Tokoh itu bernama Basiyo. Tokoh dikenali dan dikenang di Jawa. Ia hidup-mati demi dagelan berbahasa Jawa, tak memiliki ambisi besar menjadi pelawak bercap nasional atau internasional. Basiyo digemari ribuan orang, tak mau kalah dengan ketenaran para pelawak masa lalu. “Tak pernah berusaha ‘menasionalkan’ diri dengan melawak berbahasa Indonesia, malahan bahasa Indonesia yang dibuatnya kacau itu jadi bahan lawakannya,” tulis di buku berjudul Apa dan Siapa: Sejumlah Orang Indonesia 1981-1982 susunan Tempo.
Orang-orang menggemari Basiyo tapi sulit mengetahui biografi utuh. Basiyo bukan pengingat dan pencatat beres mengenai diri. Ia memilih memberi tawa ke orang-orang, menanggulangi seribu neraka atau menghibur hari-hari agar terang. Dagelan itu jalan hidup. Detik-detik menjelang mati, ia tetap membuat dagelan di Jogjakarta. Biografi di dagelan dibentuk sejak masa 1930-an dan berakhir 1979. Ia mewariskan tawa berkepanjangan tersimpan di kaset pita. Basiyo masih bisa kita dengarkan dalam 40-an kaset. Sekian lakon dagelan kadang masih diputar di radio-radio Jogjakarta dan Jawa Tengah. Janji mengabdi di dagelan itu sampai ke lelucon: “Susah jadi pelawak. Kalau ada kematian tidak diundang. Takut yang mati jadi tertawa. Apa gitu, ya?” Basiyo jarang mengabsenkan Jawa dari tawa, dari masa ke masa.
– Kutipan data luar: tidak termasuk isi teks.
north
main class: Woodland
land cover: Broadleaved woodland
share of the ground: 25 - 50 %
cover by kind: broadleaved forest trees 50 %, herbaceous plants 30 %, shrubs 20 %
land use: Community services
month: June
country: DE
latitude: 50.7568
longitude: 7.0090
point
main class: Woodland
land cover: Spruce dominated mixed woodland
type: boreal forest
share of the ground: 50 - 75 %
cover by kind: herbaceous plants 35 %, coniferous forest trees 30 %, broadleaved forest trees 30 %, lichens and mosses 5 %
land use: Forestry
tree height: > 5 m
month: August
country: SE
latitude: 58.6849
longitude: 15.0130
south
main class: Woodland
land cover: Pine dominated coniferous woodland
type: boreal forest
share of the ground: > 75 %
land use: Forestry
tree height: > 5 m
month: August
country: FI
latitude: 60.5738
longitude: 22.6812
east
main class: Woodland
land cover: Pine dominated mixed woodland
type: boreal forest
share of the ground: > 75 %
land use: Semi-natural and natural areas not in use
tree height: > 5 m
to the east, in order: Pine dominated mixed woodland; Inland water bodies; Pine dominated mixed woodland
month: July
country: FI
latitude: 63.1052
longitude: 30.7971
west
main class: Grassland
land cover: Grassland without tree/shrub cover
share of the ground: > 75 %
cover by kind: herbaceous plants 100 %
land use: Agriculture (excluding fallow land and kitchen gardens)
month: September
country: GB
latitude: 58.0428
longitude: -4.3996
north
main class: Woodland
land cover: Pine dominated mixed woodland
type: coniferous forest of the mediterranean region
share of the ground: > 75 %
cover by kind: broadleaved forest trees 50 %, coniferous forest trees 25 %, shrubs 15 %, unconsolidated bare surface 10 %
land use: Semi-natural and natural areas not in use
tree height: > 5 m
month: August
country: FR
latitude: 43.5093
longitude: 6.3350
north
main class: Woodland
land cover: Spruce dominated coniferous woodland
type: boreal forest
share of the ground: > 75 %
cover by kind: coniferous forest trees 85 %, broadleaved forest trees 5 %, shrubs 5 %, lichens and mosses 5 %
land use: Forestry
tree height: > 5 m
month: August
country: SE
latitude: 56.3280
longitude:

Kita ingin mengenali dan mengenang Basiyo dari majalah dan buku masih mungkin dilacak dan dikliping. Pada masa 1960-an, Indonesia bergolak oleh politik dan permusuhan pada segala hal bernama Barat. Di Jogjakarta, situasi itu terbaca di tembok-tembok. Dulu, orang-orang Jogjakarta biasa membaca ada tulisan di tembok: Beatlles, no! Basiyo, yes! Di situ, kita mengartikan Basiyo memberi pengaruh besar dalam tatanan hidup berkaitan hiburan dan politik. Basiyo memang sedang digiring di lakon politik, tetap mengumbar tawa. Pada masa 1970-an, ia ada di panggung diselenggarakan Golkar. Keberadaan Basiyo turut membuat Golkar sukses berpolitik. Ingatan-ingatan itu tercatat di majalah Tempo, 15 September 1979.
Ia melawak dengan sumber diri berupa kepahitan hidup. Basiyo memang lahir dari kaum jelata. Pada saat remaja, Basiyo jadi buruh, sebelum memilih di dagelan. Kepahitan hidup keluarga dan diri disampaikan di pentas atau rekaman dagelan. Pahit itu bermekaran jadi tawa. Penggemar memang tertawa tapi terlempar di renungan hidup. Renungan serampangan seperti bahasa dan ulah Basiyo jauh dari tatanan baku. Bersumber dari Basiyo, orang-orang berpamrih mengalami Jawa dengan lelucon khas jelata. Basiyo pun mengumumkan dalil puncak: “Dagelan itu penghidupanku.”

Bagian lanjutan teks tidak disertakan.